Trever Talbert on Sawing and Shaping
I do a great deal of the shaping and styling of a pipe before any drilling is ever done, which is backward from what most pipemakers do. There is a reason for it, however.
Using a bandsaw and harsh sanding equipment, a stummel can be taken to a rough general shape in a short time. Most importantly, doing this prior to drilling means that any flaws in the block are exposed before the bowl shape is committed.
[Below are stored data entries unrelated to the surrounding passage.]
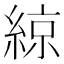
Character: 綡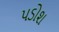
પડોશ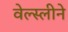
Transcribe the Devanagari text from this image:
वेल्स्लीने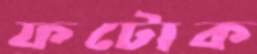
ফটোক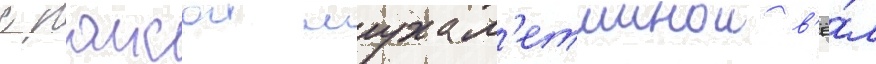
с раисои мухам'етшинои в'ё́л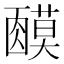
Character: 𬞿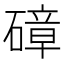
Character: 𥕞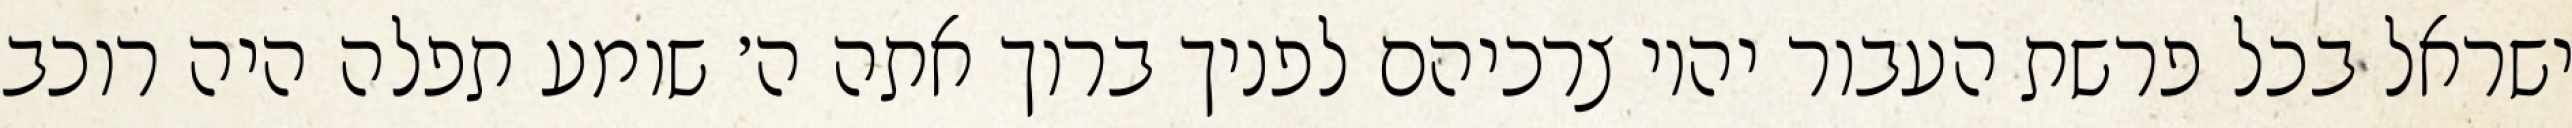
ישראל בכל פרשת העבור יהיו צרכיהם לפניך ברוך אתה ה׳ שומע תפלה היה רוכב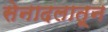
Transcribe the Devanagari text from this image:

Many times in the past, I've drilled a good bowl and airhole only to find that a large hidden flaw came within millimeters of my bowl interior. This is tragic, because this means a sandpit fissure of 1/4" size could cause the waste of an entire block. By shaping first, I can identify any such flaws and re-work the bowl placement around them, even to the point of moving the bowl forward, backward, or sideways in the block. There's still a chance that the bowl interior will evidence some major flaw, but I'm able to get a good gauge of the likelihood of this by my observations in shaping the block. I leave a small flat area at the base of the bowl on each side, which is used for gripping by the jaws of the lathe chuck when drilling begins.
Here is the bandsaw from our Brittany shop, covered in dust and scraps as always.
I use my band saw to do some basic cutting and get rid of the largest chunks that aren't part of the pipe. I make a point to save the largest and best of these pieces for use in making briar rings and tamper descorations, and have a bucket full of them.
At this point I do a little more sawing on the bandsaw. I take off the thick sides of the shank and any other large chunks of wood that I'd rather not have become sawdust. Once I'm done with the bandsaw, I use a steel cutting wheel at high speed to rough shape the pipe. These wheels are extremely abrasive and can cut a large block to a pipe shape very quickly, though they are also hellishly dangerous to use..
The Rough Cutter
Here you see a rough-cutting shaping disk mounted at our sanding station.